The Prince and The Pauper - Chapter XII

1. Chapter I

2. Chapter II

3. Chapter III

4. Chapter IV

5. Chapter V

6. Chapter VI

7. Chapter VII

8. Chapter VIII

9. Chapter IX

10. Chapter X

11. Chapter XI

12. Chapter XII

13. Chapter XIII

14. Chapter XIV

15. Chapter XV

16. Chapter XVI

17. Chapter XVII

18. Chapter XVIII

19. Chapter XIX

20. Chapter XX

21. Chapter XXI

22. Chapter XXII

23. Chapter XXIII

24. Chapter XXIV

25. Chapter XXV

26. Chapter XXVI

27. Chapter XXVII

28. Chapter XXVIII

29. Chapter XXIX

30. Chapter XXX

31. Chapter XXXI

32. Chapter XXXII

33. Chapter XXXIII

34. Twain's Notes







Chapter XII. The Prince and his deliverer.

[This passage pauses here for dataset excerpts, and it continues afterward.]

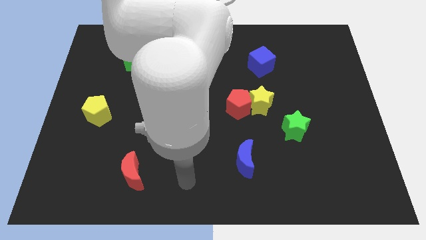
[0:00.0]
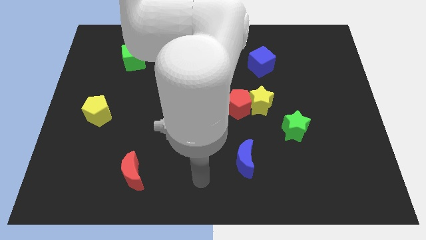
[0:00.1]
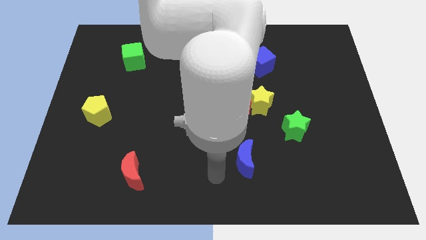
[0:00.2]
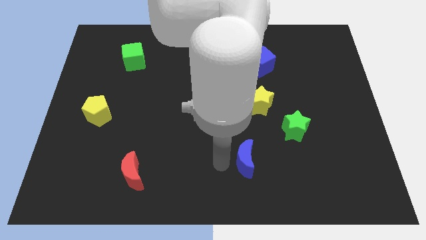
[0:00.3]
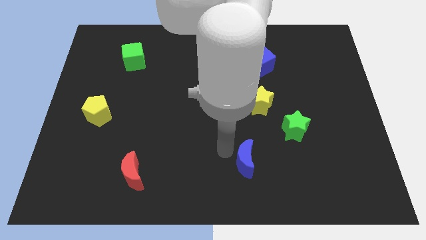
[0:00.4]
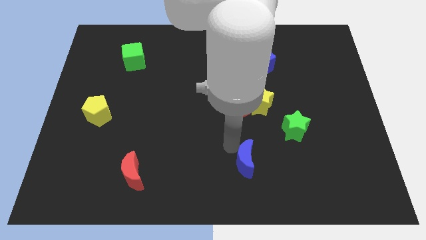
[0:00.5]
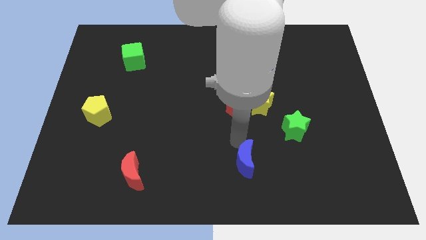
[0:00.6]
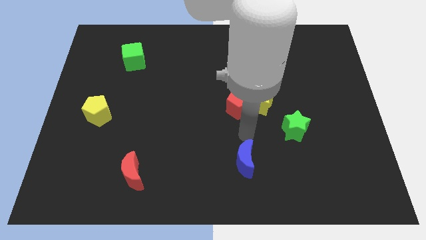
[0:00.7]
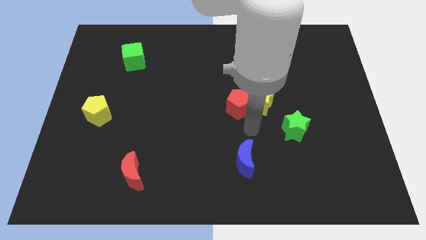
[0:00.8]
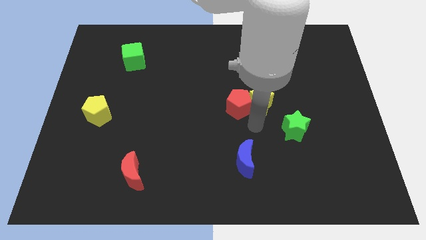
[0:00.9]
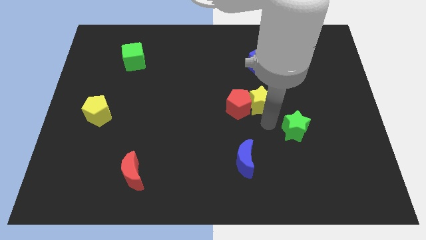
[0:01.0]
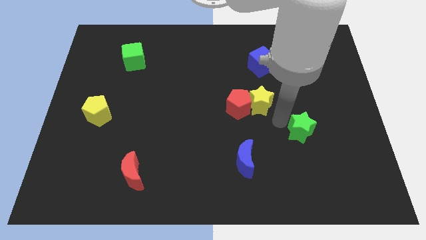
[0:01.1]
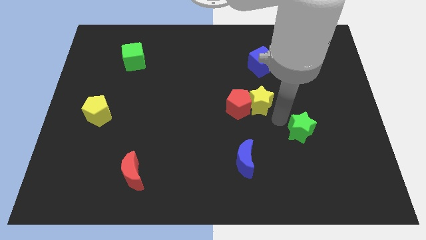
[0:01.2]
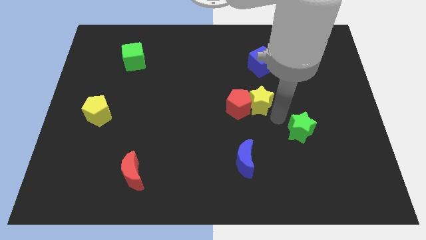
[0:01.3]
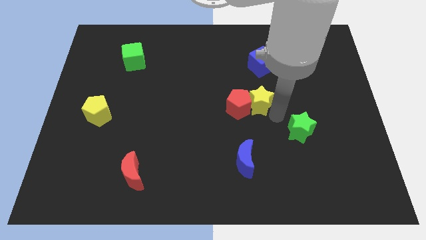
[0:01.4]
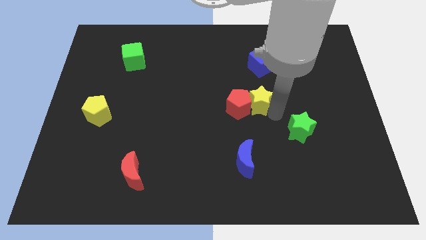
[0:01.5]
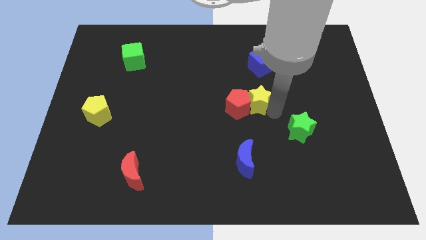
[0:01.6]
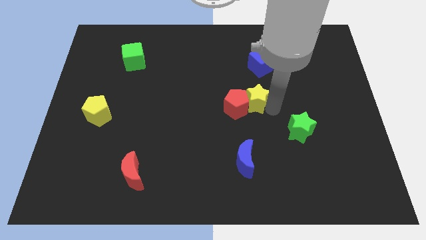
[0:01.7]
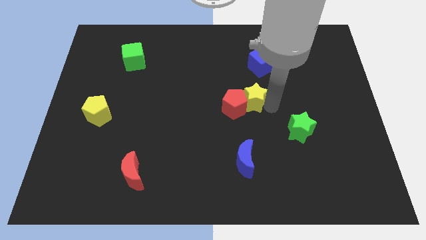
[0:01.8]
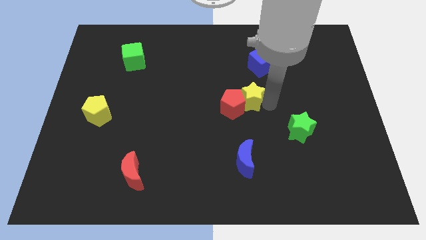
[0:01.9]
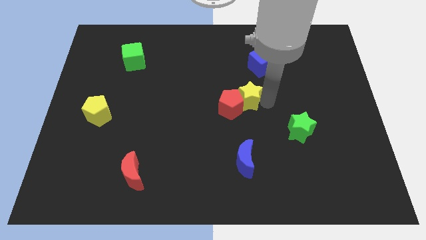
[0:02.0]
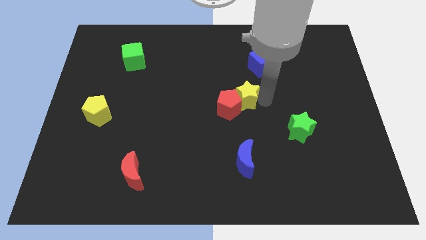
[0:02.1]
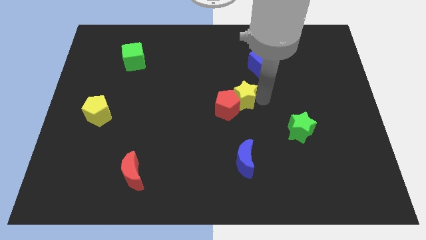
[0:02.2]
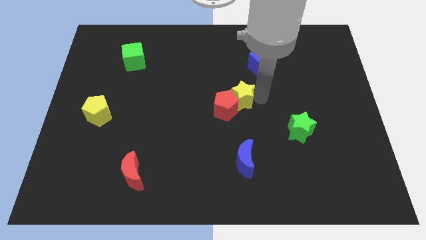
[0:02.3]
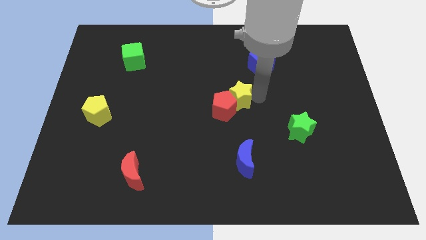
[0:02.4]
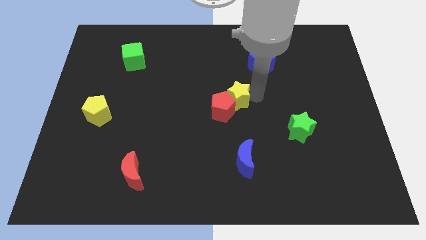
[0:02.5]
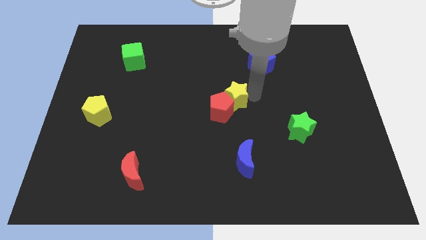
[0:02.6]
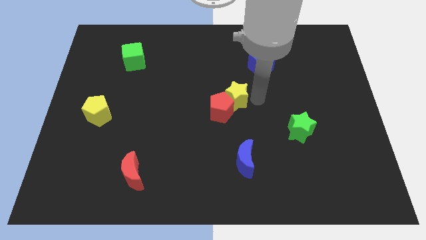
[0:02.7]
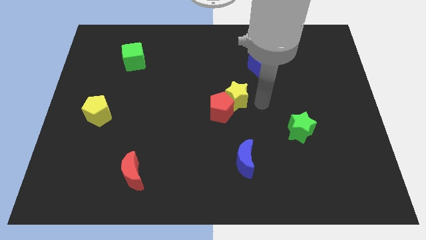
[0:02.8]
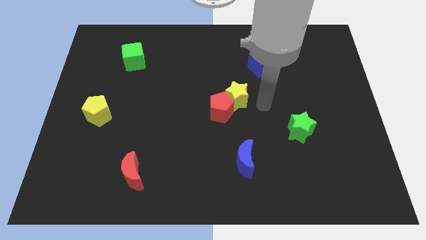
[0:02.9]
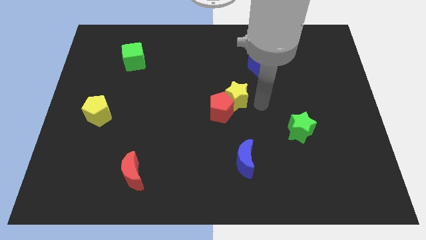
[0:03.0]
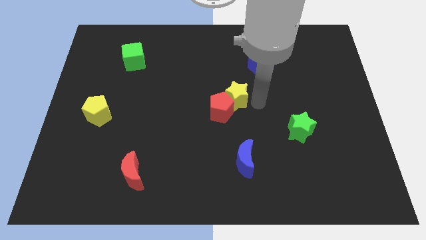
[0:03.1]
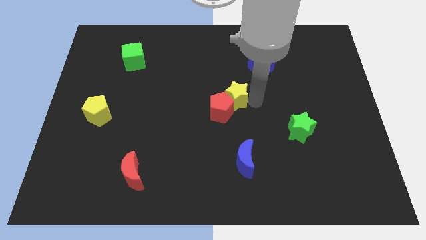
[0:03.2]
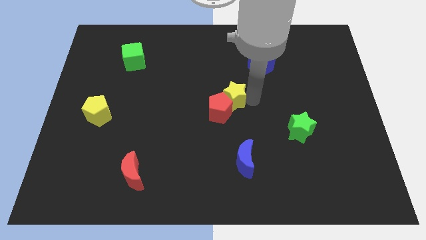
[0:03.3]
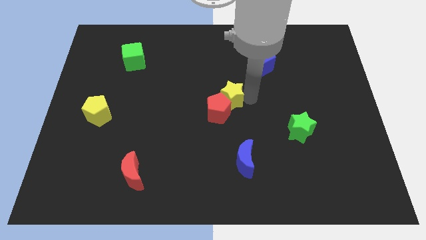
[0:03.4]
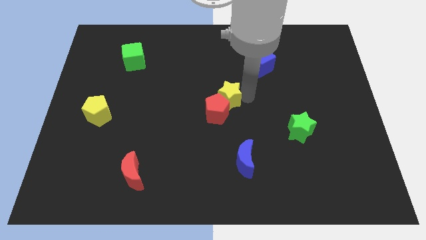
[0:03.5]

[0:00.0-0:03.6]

As soon as Miles Hendon and the little prince were clear of the mob, they
struck down through back lanes and alleys toward the river. Their way
was unobstructed until they approached London Bridge; then they ploughed
into the multitude again, Hendon keeping a fast grip upon the Prince's
--no, the King's--wrist. The tremendous news was already abroad, and the
boy learned it from a thousand voices at once--"The King is dead!" The
tidings struck a chill to the heart of the poor little waif, and sent a
shudder through his frame. He realised the greatness of his loss, and
was filled with a bitter grief; for the grim tyrant who had been such a
terror to others had always been gentle with him. The tears sprang to
his eyes and blurred all objects. For an instant he felt himself the
most forlorn, outcast, and forsaken of God's creatures--then another cry
shook the night with its far-reaching thunders: "Long live King Edward
the Sixth!" and this made his eyes kindle, and thrilled him with pride to
his fingers' ends. "Ah," he thought, "how grand and strange it seems--I
AM KING!"

Our friends threaded their way slowly through the throngs upon the
bridge. This structure, which had stood for six hundred years, and had
been a noisy and populous thoroughfare all that time, was a curious
affair, for a closely packed rank of stores and shops, with family
quarters overhead, stretched along both sides of it, from one bank of the
river to the other. The Bridge was a sort of town to itself; it had its
inn, its beer-houses, its bakeries, its haberdasheries, its food markets,
its manufacturing industries, and even its church. It looked upon the
two neighbours which it linked together--London and Southwark--as being
well enough as suburbs, but not otherwise particularly important. It was
a close corporation, so to speak; it was a narrow town, of a single
street a fifth of a mile long, its population was but a village
population and everybody in it knew all his fellow-townsmen intimately,
and had known their fathers and mothers before them--and all their little
family affairs into the bargain. It had its aristocracy, of course--its
fine old families of butchers, and bakers, and what-not, who had occupied
the same old premises for five or six hundred years, and knew the great
history of the Bridge from beginning to end, and all its strange legends;
and who always talked bridgy talk, and thought bridgy thoughts, and lied
in a long, level, direct, substantial bridgy way. It was just the sort
of population to be narrow and ignorant and self-conceited. Children were
born on the Bridge, were reared there, grew to old age, and finally died
without ever having set a foot upon any part of the world but London
Bridge alone. Such people would naturally imagine that the mighty and
interminable procession which moved through its street night and day,
with its confused roar of shouts and cries, its neighings and bellowing
and bleatings and its muffled thunder-tramp, was the one great thing in
this world, and themselves somehow the proprietors of it. And so they
were, in effect--at least they could exhibit it from their windows, and
did--for a consideration--whenever a returning king or hero gave it a
fleeting splendour, for there was no place like it for affording a long,
straight, uninterrupted view of marching columns.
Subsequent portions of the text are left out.